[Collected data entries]
• • • •

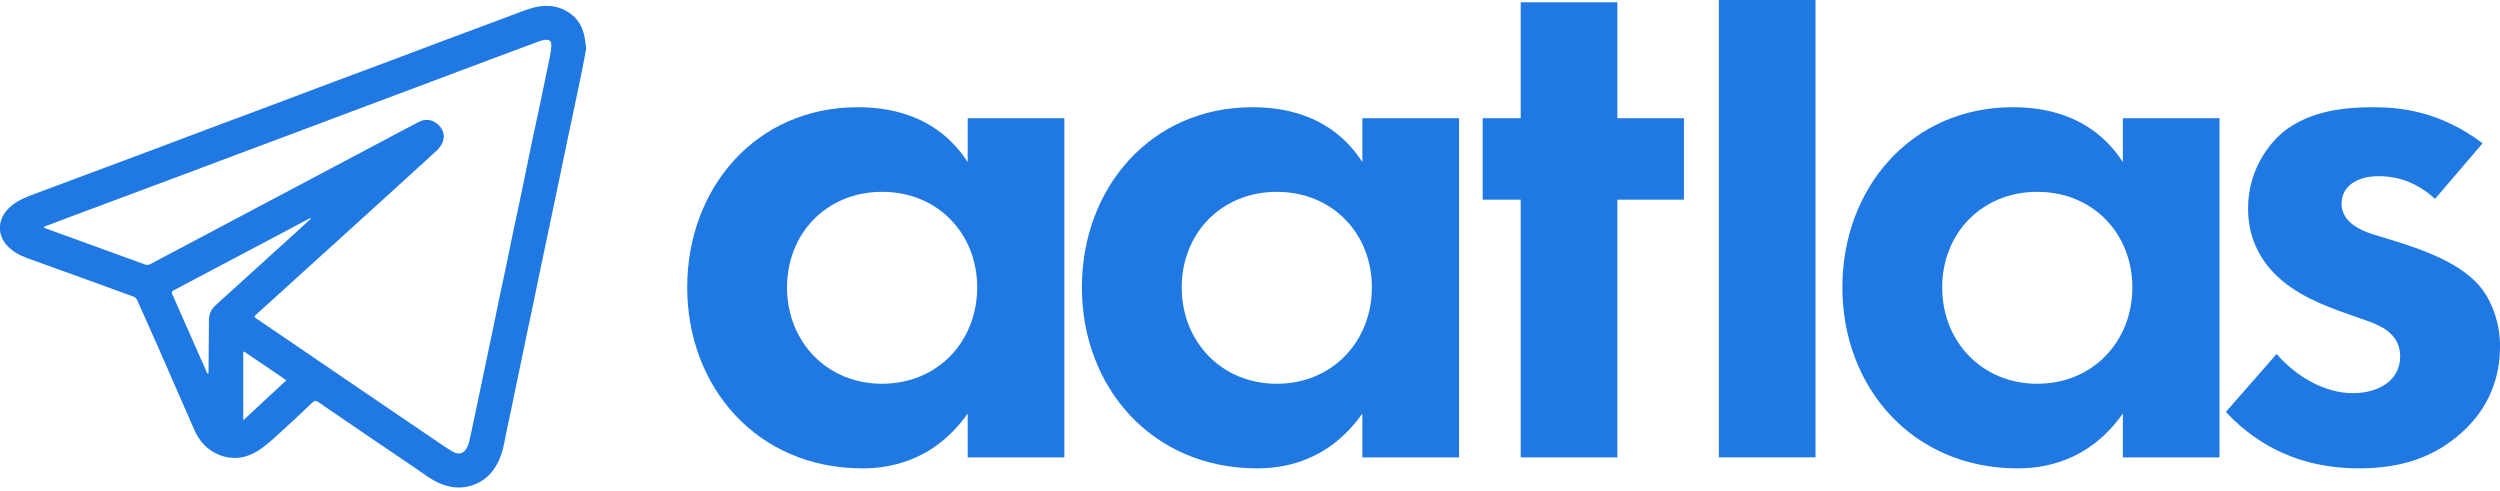 <svg width="173" height="34" viewBox="0 0 173 34" fill="none" xmlns="http://www.w3.org/2000/svg">
<g clip-path="url(#clip0_596_1868)">
<path d="M66.964 8.18H73.653V31.651H66.964V28.616C64.551 32.031 61.371 32.41 59.672 32.41C52.38 32.41 47.555 26.773 47.555 19.889C47.555 13.004 52.325 7.421 59.343 7.421C61.152 7.421 64.716 7.746 66.964 11.216V8.18ZM54.463 19.889C54.463 23.629 57.204 26.556 61.042 26.556C64.88 26.556 67.622 23.629 67.622 19.889C67.622 16.148 64.88 13.275 61.042 13.275C57.204 13.275 54.463 16.148 54.463 19.889Z" fill="#2079E3"/>
<path d="M94.276 8.18H100.965V31.651H94.276V28.616C91.864 32.031 88.684 32.41 86.984 32.41C79.692 32.41 74.867 26.773 74.867 19.889C74.867 13.004 79.637 7.421 86.655 7.421C88.464 7.421 92.028 7.746 94.276 11.216V8.18ZM81.775 19.889C81.775 23.629 84.517 26.556 88.355 26.556C92.193 26.556 94.934 23.629 94.934 19.889C94.934 16.148 92.193 13.275 88.355 13.275C84.517 13.275 81.775 16.148 81.775 19.889Z" fill="#2079E3"/>
<path d="M111.922 13.817V31.651H105.233V13.817H102.602V8.18H105.233V0.157H111.922V8.18H116.528V13.817H111.922Z" fill="#2079E3"/>
<path d="M125.634 0V31.648H118.945V0H125.634Z" fill="#2079E3"/>
<path d="M146.901 8.18H153.59V31.651H146.901V28.616C144.489 32.031 141.309 32.41 139.609 32.41C132.317 32.41 127.492 26.773 127.492 19.889C127.492 13.004 132.262 7.421 139.28 7.421C141.089 7.421 144.653 7.746 146.901 11.216V8.18ZM134.4 19.889C134.4 23.629 137.142 26.556 140.98 26.556C144.818 26.556 147.559 23.629 147.559 19.889C147.559 16.148 144.818 13.275 140.98 13.275C137.142 13.275 134.4 16.148 134.4 19.889Z" fill="#2079E3"/>
<path d="M168.506 13.763C166.916 12.3 165.326 12.191 164.613 12.191C163.023 12.191 162.036 12.95 162.036 14.088C162.036 14.685 162.31 15.606 164.174 16.203L165.764 16.69C167.628 17.287 170.425 18.208 171.795 20.051C172.508 21.027 173.002 22.436 173.002 23.954C173.002 26.068 172.289 28.182 170.37 29.917C168.451 31.651 166.148 32.41 163.242 32.41C158.308 32.41 155.512 30.079 154.031 28.507L157.54 24.496C158.856 26.014 160.83 27.206 162.804 27.206C164.668 27.206 166.093 26.285 166.093 24.659C166.093 23.195 164.887 22.599 164.01 22.273L162.475 21.732C160.775 21.135 158.801 20.376 157.376 18.913C156.279 17.774 155.566 16.311 155.566 14.414C155.566 12.137 156.663 10.24 158.034 9.102C159.898 7.638 162.31 7.421 164.229 7.421C165.984 7.421 168.78 7.638 171.795 9.915L168.506 13.763Z" fill="#2079E3"/>
<path d="M40.568 3.328C40.472 3.843 40.373 4.412 40.258 4.979C40.115 5.686 39.964 6.393 39.814 7.101C39.644 7.903 39.476 8.705 39.306 9.51C39.161 10.204 39.016 10.901 38.871 11.595C38.728 12.283 38.583 12.971 38.44 13.66C38.295 14.362 38.147 15.061 37.999 15.763C37.823 16.598 37.645 17.432 37.47 18.267C37.297 19.096 37.13 19.926 36.957 20.753C36.787 21.563 36.614 22.371 36.444 23.181C36.302 23.864 36.162 24.544 36.02 25.227C35.874 25.921 35.729 26.618 35.584 27.311C35.436 28.019 35.304 28.729 35.14 29.434C34.948 30.255 34.874 31.111 34.512 31.886C34.114 32.735 33.495 33.353 32.565 33.621C31.869 33.822 31.186 33.751 30.515 33.483C29.84 33.212 29.284 32.756 28.692 32.358C27.135 31.312 25.586 30.249 24.034 29.195C23.363 28.737 22.688 28.282 22.019 27.818C21.871 27.715 21.773 27.71 21.633 27.843C20.824 28.607 20.013 29.371 19.185 30.119C18.763 30.499 18.335 30.889 17.858 31.19C17.022 31.718 16.104 31.851 15.158 31.474C14.338 31.146 13.795 30.529 13.447 29.743C12.625 27.883 11.819 26.019 11.002 24.157C10.506 23.024 10.001 21.891 9.494 20.763C9.45 20.669 9.351 20.568 9.253 20.533C8.027 20.08 6.796 19.636 5.568 19.191C4.321 18.741 3.068 18.3 1.824 17.839C1.322 17.652 0.859 17.392 0.491 16.991C-0.287 16.134 -0.125 15.004 0.771 14.256C1.253 13.852 1.829 13.63 2.408 13.413C3.636 12.95 4.869 12.494 6.097 12.036C7.616 11.47 9.138 10.903 10.656 10.334C11.863 9.882 13.063 9.424 14.27 8.971C15.764 8.41 17.26 7.857 18.754 7.296C20.194 6.757 21.63 6.212 23.069 5.672C24.341 5.195 25.616 4.724 26.891 4.247C28.122 3.786 29.35 3.32 30.578 2.859C31.998 2.328 33.421 1.797 34.843 1.268C35.447 1.043 36.044 0.802 36.656 0.604C37.62 0.293 38.566 0.314 39.433 0.913C39.989 1.298 40.302 1.848 40.439 2.496C40.493 2.748 40.515 3.008 40.559 3.331L40.568 3.328ZM3.06 15.692L3.046 15.747C3.096 15.771 3.142 15.801 3.194 15.82C3.8 16.039 4.403 16.256 5.009 16.476C6.681 17.083 8.356 17.69 10.029 18.3C10.168 18.351 10.289 18.34 10.423 18.267C10.906 18.002 11.396 17.75 11.884 17.492C14.623 16.042 17.359 14.592 20.098 13.139C22.156 12.047 24.215 10.957 26.277 9.865C27.176 9.388 28.07 8.906 28.974 8.44C29.418 8.212 29.865 8.25 30.252 8.567C30.652 8.895 30.822 9.329 30.636 9.825C30.55 10.052 30.383 10.269 30.202 10.437C28.41 12.08 26.608 13.714 24.807 15.348C22.458 17.481 20.106 19.611 17.754 21.742C17.565 21.915 17.565 21.921 17.773 22.064C18.417 22.503 19.064 22.94 19.711 23.381C21.479 24.585 23.245 25.791 25.013 26.994C26.704 28.146 28.398 29.298 30.093 30.447C30.504 30.726 30.915 31.014 31.346 31.26C31.735 31.48 32.061 31.393 32.269 31.054C32.354 30.919 32.417 30.762 32.456 30.607C32.554 30.203 32.637 29.794 32.724 29.385C32.9 28.55 33.075 27.715 33.251 26.881C33.399 26.173 33.547 25.466 33.695 24.758C33.835 24.089 33.98 23.419 34.117 22.75C34.262 22.056 34.399 21.36 34.545 20.663C34.69 19.975 34.841 19.289 34.986 18.601C35.159 17.779 35.321 16.955 35.493 16.131C35.715 15.066 35.948 14.004 36.17 12.941C36.368 11.993 36.557 11.039 36.754 10.09C36.949 9.152 37.157 8.217 37.355 7.282C37.593 6.155 37.829 5.027 38.056 3.897C38.108 3.642 38.144 3.382 38.15 3.125C38.158 2.829 38.023 2.726 37.725 2.759C37.596 2.772 37.462 2.802 37.341 2.846C36.206 3.263 35.074 3.686 33.944 4.111C32.234 4.751 30.526 5.396 28.818 6.036C27.318 6.599 25.816 7.16 24.317 7.721C23.259 8.117 22.203 8.518 21.145 8.914C19.692 9.459 18.242 9.998 16.789 10.543C15.38 11.071 13.973 11.603 12.564 12.128C11.18 12.646 9.796 13.161 8.411 13.679C7.268 14.107 6.122 14.532 4.979 14.961C4.34 15.199 3.704 15.44 3.065 15.682L3.06 15.692ZM14.36 25.859C14.379 25.856 14.398 25.851 14.42 25.848C14.426 25.772 14.431 25.696 14.431 25.62C14.442 24.474 14.456 23.325 14.459 22.178C14.459 21.755 14.598 21.414 14.919 21.124C16.835 19.392 18.746 17.655 20.657 15.92C20.953 15.649 21.249 15.378 21.545 15.107C21.449 15.107 21.378 15.137 21.309 15.172C20.265 15.725 19.223 16.28 18.179 16.833C16.125 17.92 14.072 19.007 12.016 20.091C11.879 20.164 11.863 20.227 11.923 20.365C12.578 21.834 13.225 23.308 13.875 24.78C14.034 25.14 14.195 25.501 14.357 25.859H14.36ZM19.815 26.314C18.823 25.639 17.858 24.986 16.896 24.33C16.874 24.341 16.852 24.355 16.833 24.365V29.084C17.836 28.152 18.812 27.246 19.818 26.314H19.815Z" fill="#2079E3"/>
</g>
<defs>
<clipPath id="clip0_596_1868">
<rect width="173" height="33.735" fill="white"/>
</clipPath>
</defs>
</svg>

• • • •

▶ _Task goal_
Search the entries for the word "clipPath" and show every line that has it.

▶ _Written answer_
<clipPath id="clip0_596_1868">
</clipPath>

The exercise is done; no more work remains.